With an increased focus on TK, it has been shown more recently that besides pharmaceutical compounds, membrane transporters also interact with various environmental contaminants, such as pesticides, manufactured chemicals, food contaminants and metals (Leslie et al., 2005; Tachampa et al., 2008; Van Herwaarden and Schinkel, 2006; Epel et al., 2008; Fardel et al., 2012; Wilks and Tsatsakis, 2014; Chedik et al., 2018a, Chedik et al., 2018b). Expressed at key physiological barriers of the body, uptake and efflux transporters may modulate the systemic and intracellular concentrations of chemicals and hence directly impact their degree of toxicity (Leslie et al., 2005; Fardel et al., 2012). Furthermore, transporter-mediated interactions, polymorphisms or disease-related change in transporter function could cause a significant alteration in the intracellular concentration and consequent toxicity (Schuetz et al., 2014). These aspects have been discussed in several international workshops and conferences, that brought toxicologists, biologists and computational modelling experts together, and the role of active transport has been highlighted as a critical puzzle-piece of information for chemical risk assessment (Bessems et al., 2014; Paini et al., 2017a; Paini et al., 2017b). In this context, EURL ECVAM created and disseminated a survey entitled ‘Use of membrane transporter data and knowledge for chemical safety assessment and biomedical research’ to capture the applicability of using the important amount of available data and knowledge on transporters beyond the drug discovery field. The survey was designed with a specific interest to identify in vitro and in silico methods that are currently in use for transporter studies. The overall survey results, with a focus on the challenges and future areas of improvement pointed out by transporter experts to gain greater confidence in using transporter data for animal-free risk assessment, are reported and discussed here. Additionally, the methodologies to investigate membrane transporters in the context of fundamental sciences and the difficulties of moving away from animal studies to unravel transporter biology in basic research are also presented here.

Methodology

The survey was created by the European Commission – Joint Research Centre (JRC), EURL ECVAM (https://eurl-ecvam.jrc.ec.europa.eu/) as an online questionnaire using the public European tool EU survey (https://ec.europa.eu/eusurvey/home/welcome). The survey was available for the participants from the 24th of January until the 16th of March 2018.

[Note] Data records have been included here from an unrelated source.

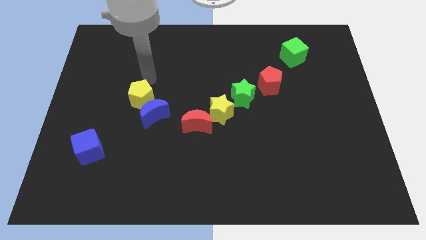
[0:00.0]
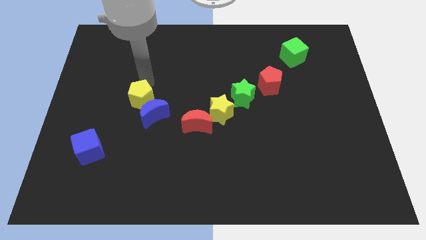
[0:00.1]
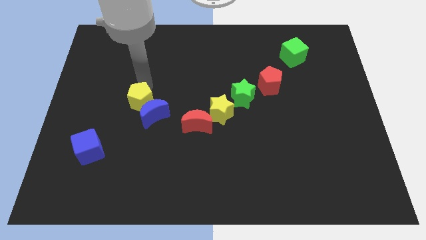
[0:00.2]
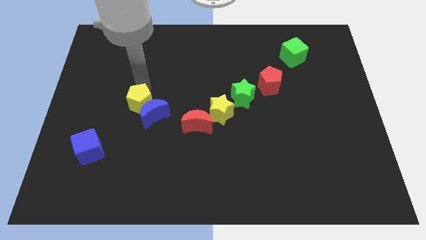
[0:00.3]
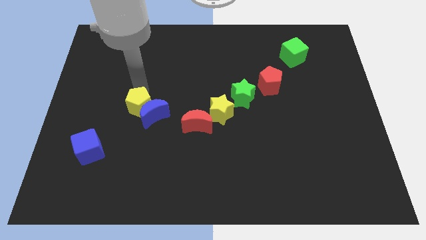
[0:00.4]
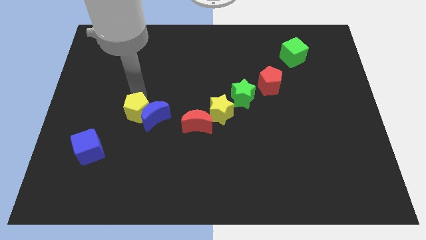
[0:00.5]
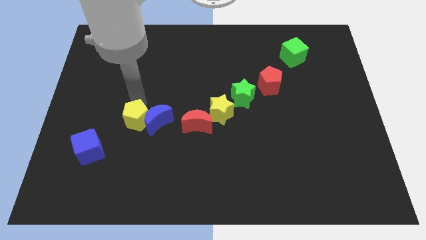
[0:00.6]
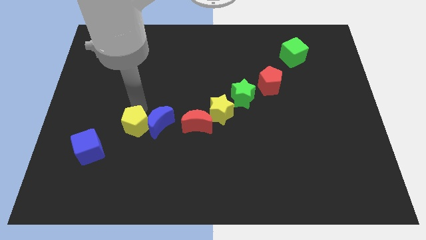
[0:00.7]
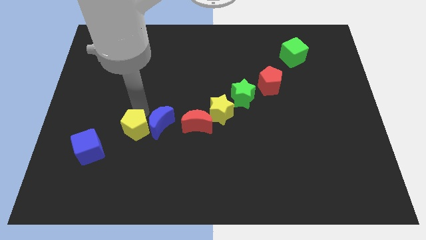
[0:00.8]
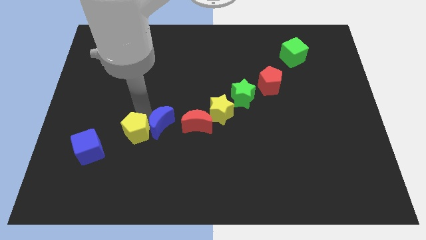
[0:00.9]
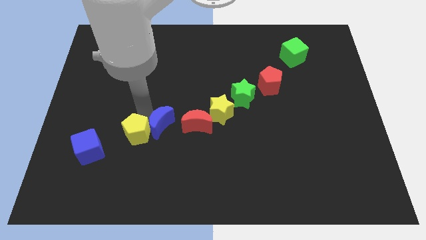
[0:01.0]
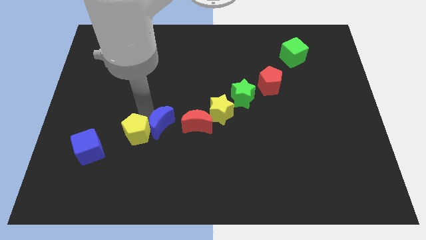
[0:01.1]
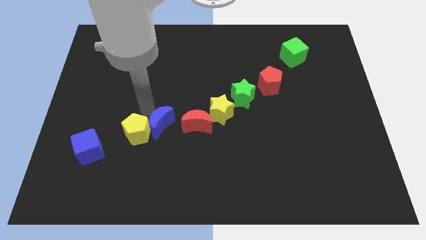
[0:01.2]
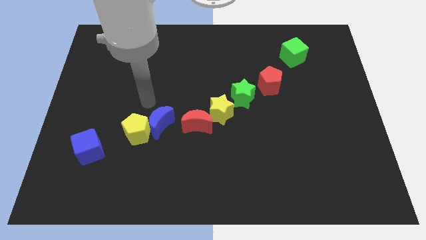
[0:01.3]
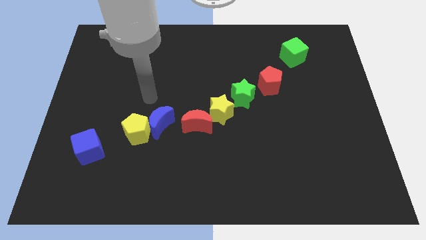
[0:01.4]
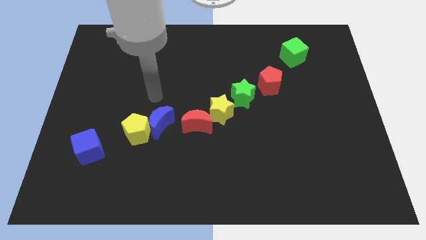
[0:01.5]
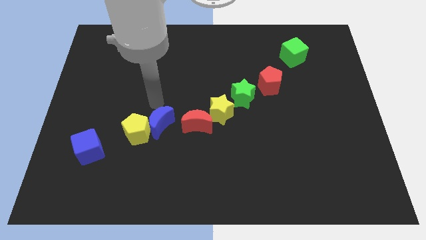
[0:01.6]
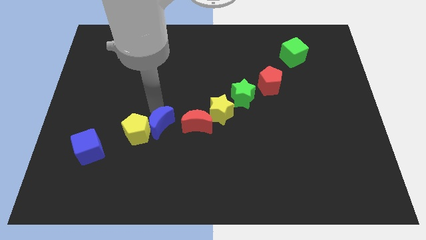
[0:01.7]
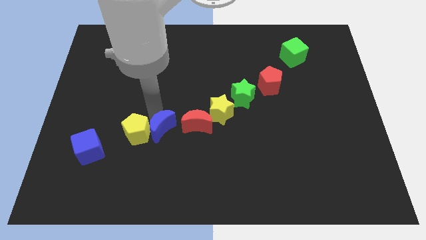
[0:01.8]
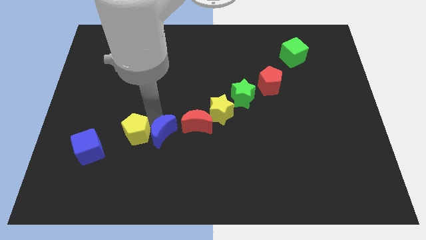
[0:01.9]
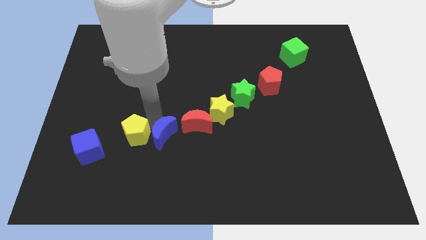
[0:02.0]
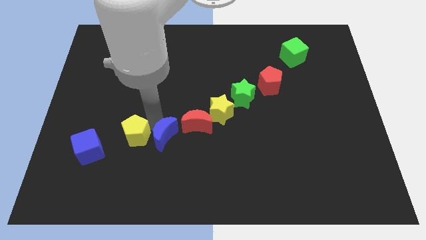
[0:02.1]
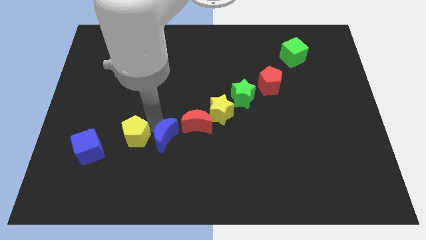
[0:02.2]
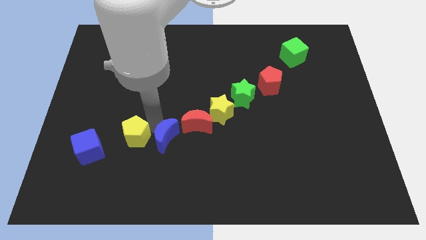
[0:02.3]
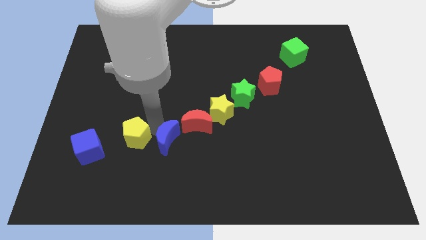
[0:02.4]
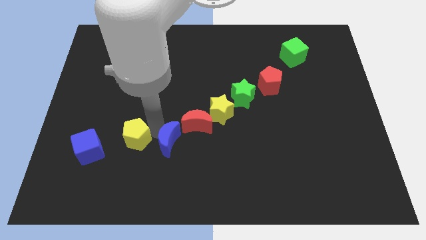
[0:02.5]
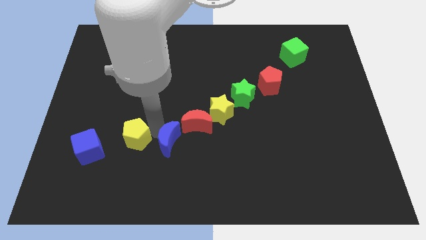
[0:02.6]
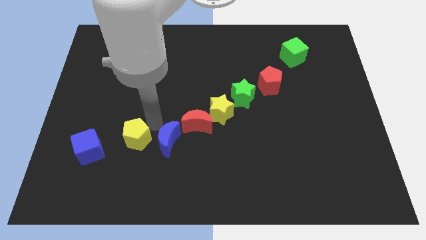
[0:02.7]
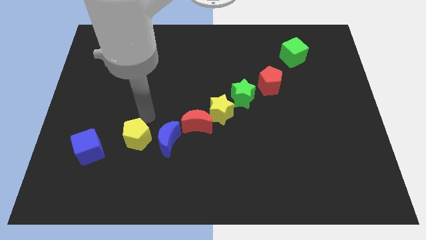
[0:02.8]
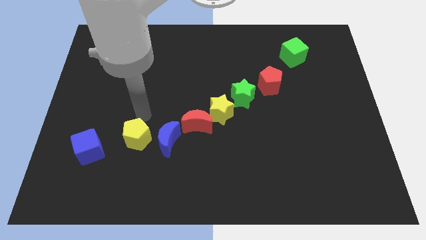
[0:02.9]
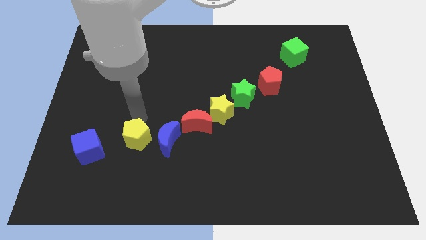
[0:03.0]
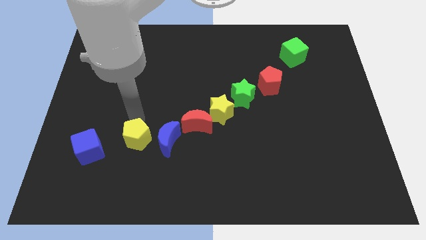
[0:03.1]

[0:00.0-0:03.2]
separate the yellow pentagon and the blue crescent

Target group and dissemination

The survey was circulated to a target group of experts in membrane transporters from the academic, industrial, enterprises and regulatory communities, starting with EURL ECVAM collaborators, and selected scientists having publications on transporters (the survey was sent to around 250 contacts). The survey was also circulated to the members of the European Society of Toxicology In Vitro (ESTIV) (http://www.estiv.org/), the European Partnership for Alternative Approaches to Animal Testing (EPAA) (https://ec.europa.eu/growth/sectors/chemicals/epaa_en), the Virtual Physiological Human institute (VPHi) via their newsletter (http://www.vph-institute.org/), the EU-TOX-Risk consortium (http://www.eu-toxrisk.eu/). Furthermore, the recipients were encouraged to share the survey with their own network of experts. The goal was to reach as many scientists in the transporter field as possible. The exact number of recipients of the survey is therefore not known.

Structure of the survey

The survey contained a total of 20 questions including Yes/No, multiple choice, and free-text answers type questions. In most of the cases, the respondents could specify their answers in a free-text format. For multiple choice questions, participants could select one or multiple answers. The survey was divided into 4 sections: (1) respondent's profile (country, professional sector and expertise), (2) use of transporter data and knowledge (fields and applications of transporter studies as well as mechanisms, organs/barriers and individual transporters under study), (3) tools and methods used to study transporters (decision-support tools and experimental methods: in vivo, in vitro and in silico) and (4) opinions on the availability and applicability of the non-animal methods to study transporters, especially for chemical risk assessment and biomedical research. The full questionnaire is available in the Supplementary material. Responses were aggregated for statistical analysis and individual responses were kept anonymous.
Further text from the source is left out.